**What you are asked to do**
All lines from the one containing "STEP (ISO 10303-21)" to the end of the data below are to be returned exactly, both ends included, with nothing added.

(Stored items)
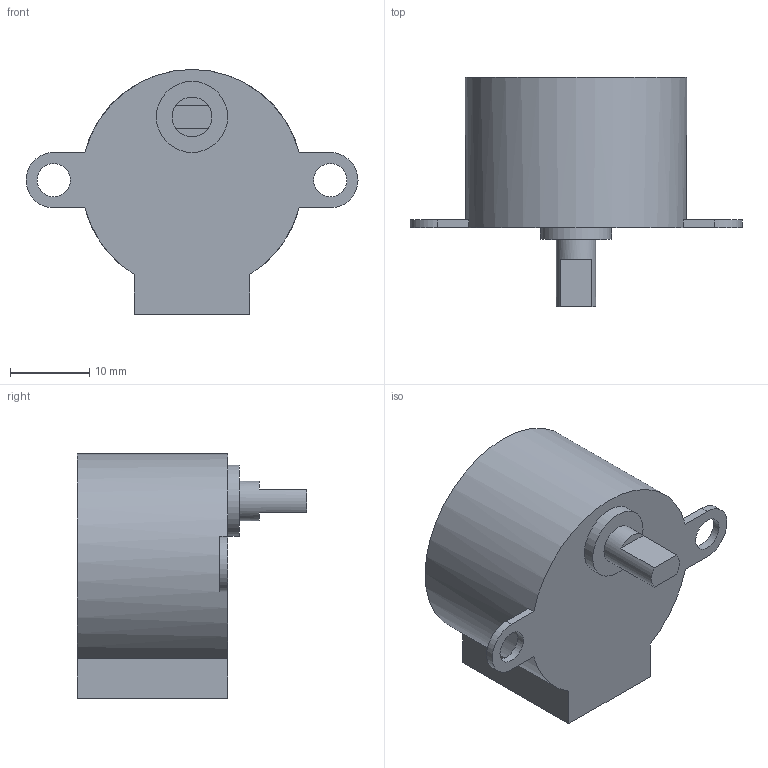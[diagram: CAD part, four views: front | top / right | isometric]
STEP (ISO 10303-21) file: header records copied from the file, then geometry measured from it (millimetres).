
FILE_DESCRIPTION(('STEP AP242'), '1');
FILE_NAME('28byj-48', '', ('UNSPECIFIED'), ('UNSPECIFIED'), 'C3D Converter', 'C3D Toolkit', '');
FILE_SCHEMA(('AP242_MANAGED_MODEL_BASED_3D_ENGINEERING_MIM_LF { 1 0 10303 442 1 1 4 }'));
Length unit declared in the file: millimetre
Bounding box: 42 x 29 x 31 mm (x, y, z)
Volume: 13006.1 mm3; surface area: 3529.4 mm2
Topology: 1 solids, 1 shells, 24 faces, 60 edges, 40 vertices
Faces by surface type: plane 17, cylinder 7
Full cylindrical faces by diameter (mm): 4.2 x2, 5 x1, 9 x1
Entity records: 946 total; most frequent: DIRECTION 128, CARTESIAN_POINT 121, ORIENTED_EDGE 112, EDGE_CURVE 56, AXIS2_PLACEMENT_3D 47, VERTEX_POINT 40, EDGE_LOOP 34, LINE 34

**Reply**
STEP (ISO 10303-21) file: header records copied from the file, then geometry measured from it (millimetres).
FILE_DESCRIPTION(('STEP AP242'), '1');
FILE_NAME('28byj-48', '', ('UNSPECIFIED'), ('UNSPECIFIED'), 'C3D Converter', 'C3D Toolkit', '');
FILE_SCHEMA(('AP242_MANAGED_MODEL_BASED_3D_ENGINEERING_MIM_LF { 1 0 10303 442 1 1 4 }'));
Length unit declared in the file: millimetre
Bounding box: 42 x 29 x 31 mm (x, y, z)
Volume: 13006.1 mm3; surface area: 3529.4 mm2
Topology: 1 solids, 1 shells, 24 faces, 60 edges, 40 vertices
Faces by surface type: plane 17, cylinder 7
Full cylindrical faces by diameter (mm): 4.2 x2, 5 x1, 9 x1
Entity records: 946 total; most frequent: DIRECTION 128, CARTESIAN_POINT 121, ORIENTED_EDGE 112, EDGE_CURVE 56, AXIS2_PLACEMENT_3D 47, VERTEX_POINT 40, EDGE_LOOP 34, LINE 34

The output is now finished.